| What you have to do |
Exact reproduction of the listing is required. Pictures are not reproduced.

| Data extracts |
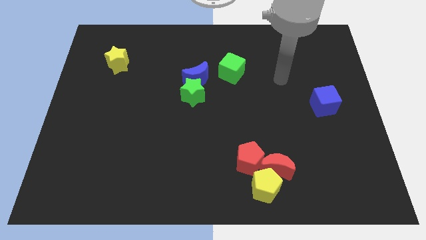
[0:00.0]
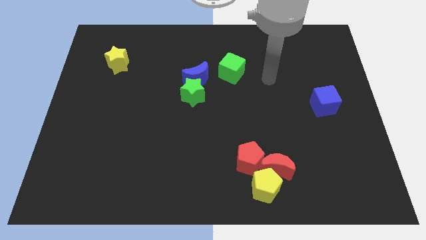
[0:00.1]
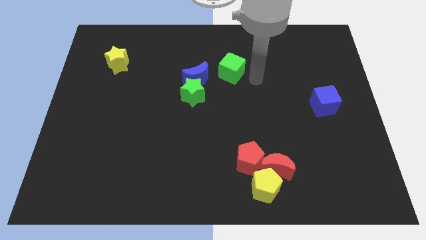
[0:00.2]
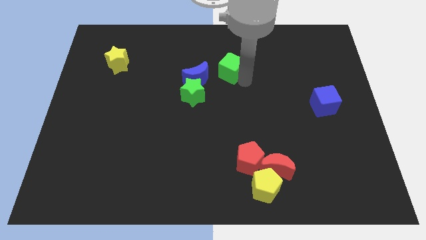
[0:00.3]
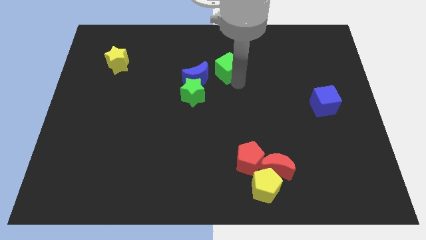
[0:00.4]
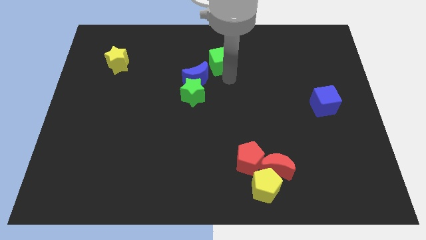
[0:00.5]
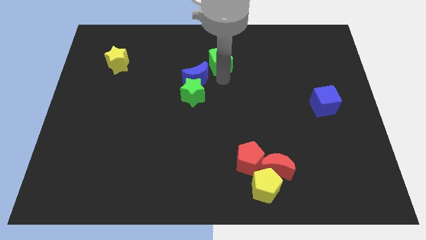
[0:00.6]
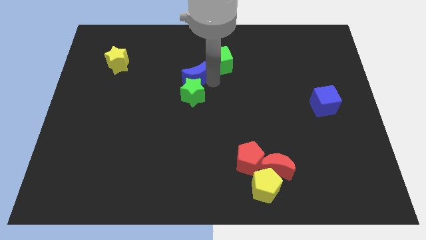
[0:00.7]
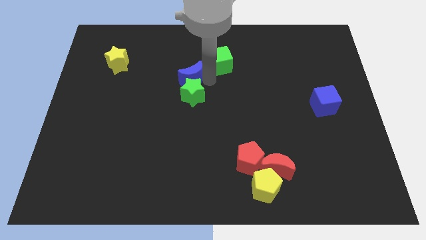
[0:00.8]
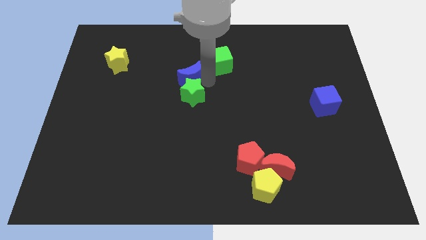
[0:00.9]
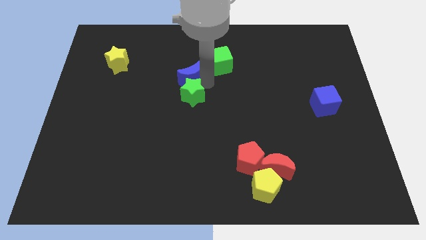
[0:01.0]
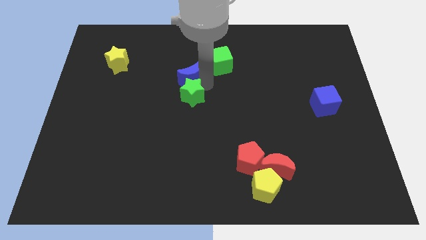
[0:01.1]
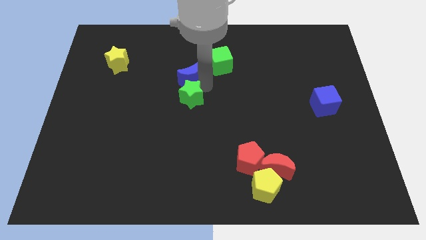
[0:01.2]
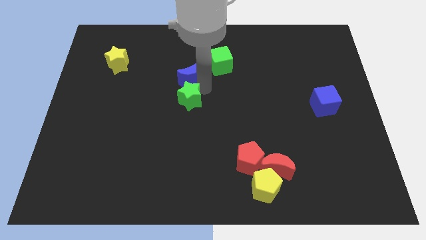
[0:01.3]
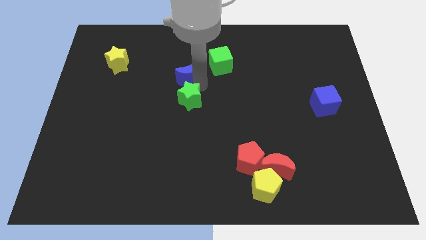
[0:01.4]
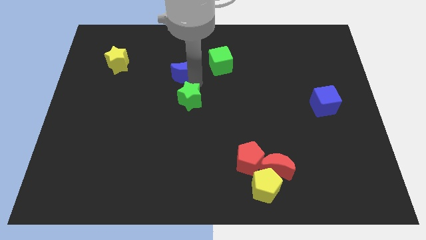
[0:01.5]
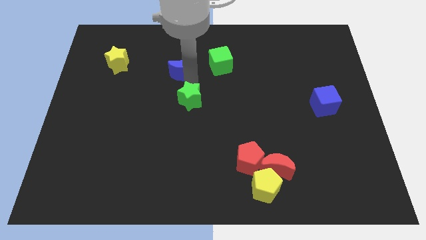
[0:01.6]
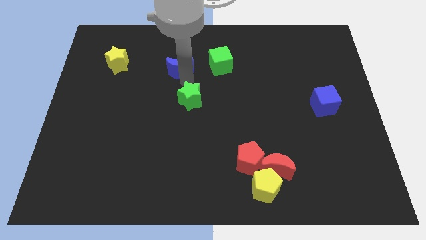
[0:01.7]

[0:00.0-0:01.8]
separate the green star from the blue moon

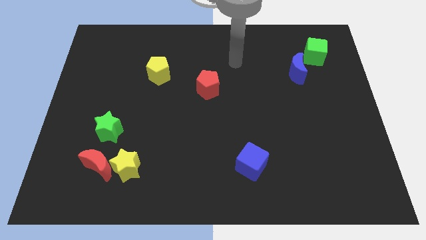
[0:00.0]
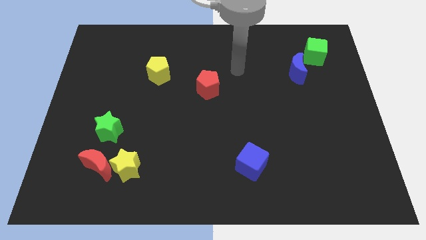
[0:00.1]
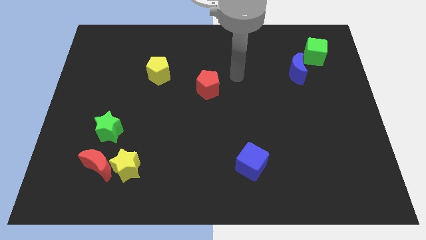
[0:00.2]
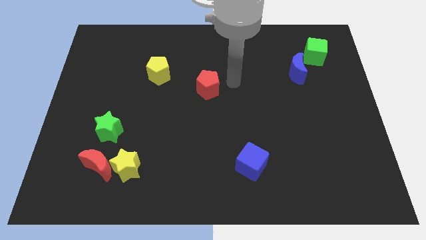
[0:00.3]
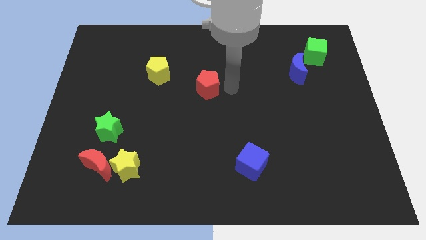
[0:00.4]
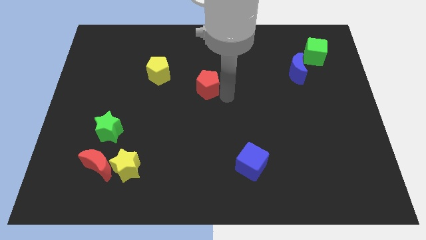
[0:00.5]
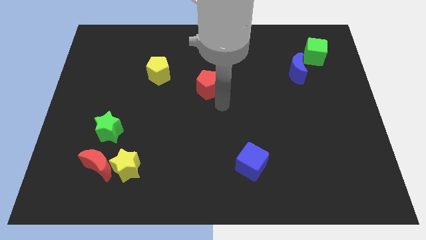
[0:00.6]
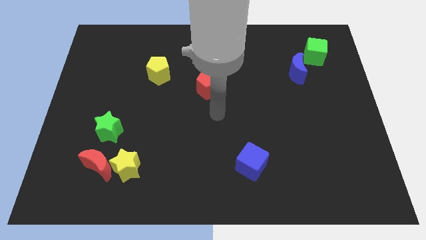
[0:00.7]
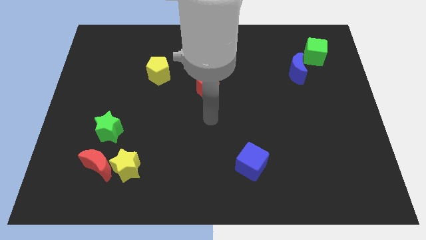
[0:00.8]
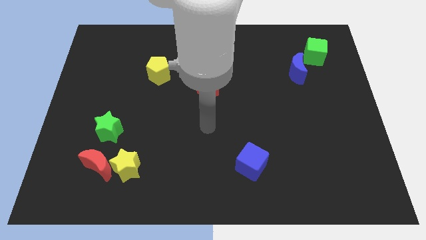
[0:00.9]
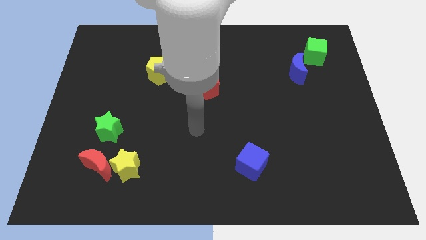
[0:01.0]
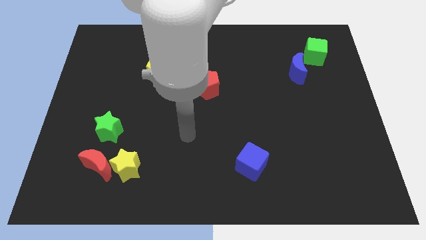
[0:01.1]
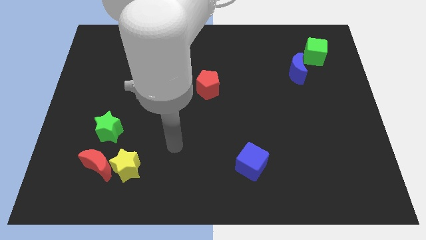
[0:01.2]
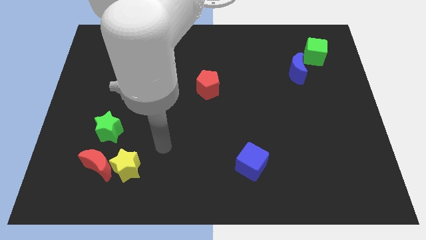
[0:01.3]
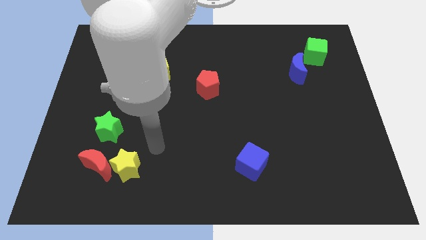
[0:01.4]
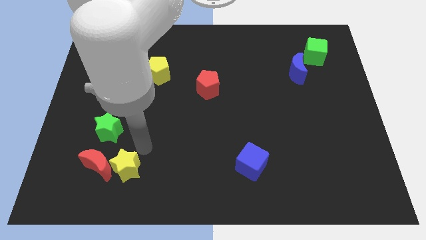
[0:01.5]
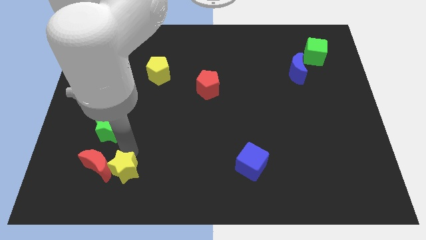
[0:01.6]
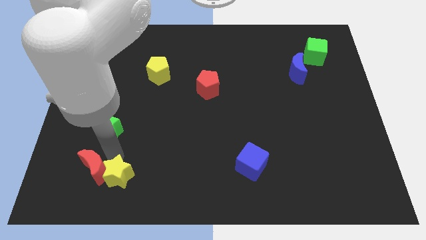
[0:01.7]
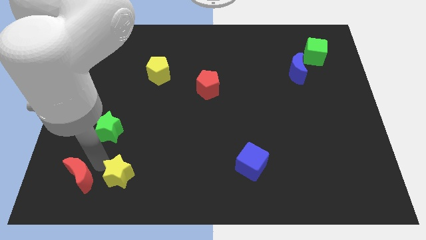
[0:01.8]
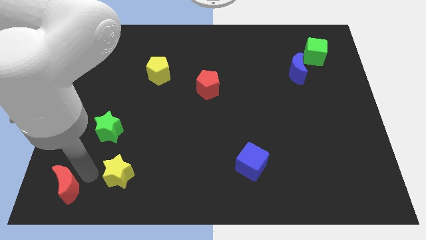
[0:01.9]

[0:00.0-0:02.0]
separate the yellow star from the red moon

| Task response |
[0:00.0]
[0:00.1]
[0:00.2]
[0:00.3]
[0:00.4]
[0:00.5]
[0:00.6]
[0:00.7]
[0:00.8]
[0:00.9]
[0:01.0]
[0:01.1]
[0:01.2]
[0:01.3]
[0:01.4]
[0:01.5]
[0:01.6]
[0:01.7]

[0:00.0-0:01.8]
separate the green star from the blue moon

[0:00.0]
[0:00.1]
[0:00.2]
[0:00.3]
[0:00.4]
[0:00.5]
[0:00.6]
[0:00.7]
[0:00.8]
[0:00.9]
[0:01.0]
[0:01.1]
[0:01.2]
[0:01.3]
[0:01.4]
[0:01.5]
[0:01.6]
[0:01.7]
[0:01.8]
[0:01.9]

[0:00.0-0:02.0]
separate the yellow star from the red moon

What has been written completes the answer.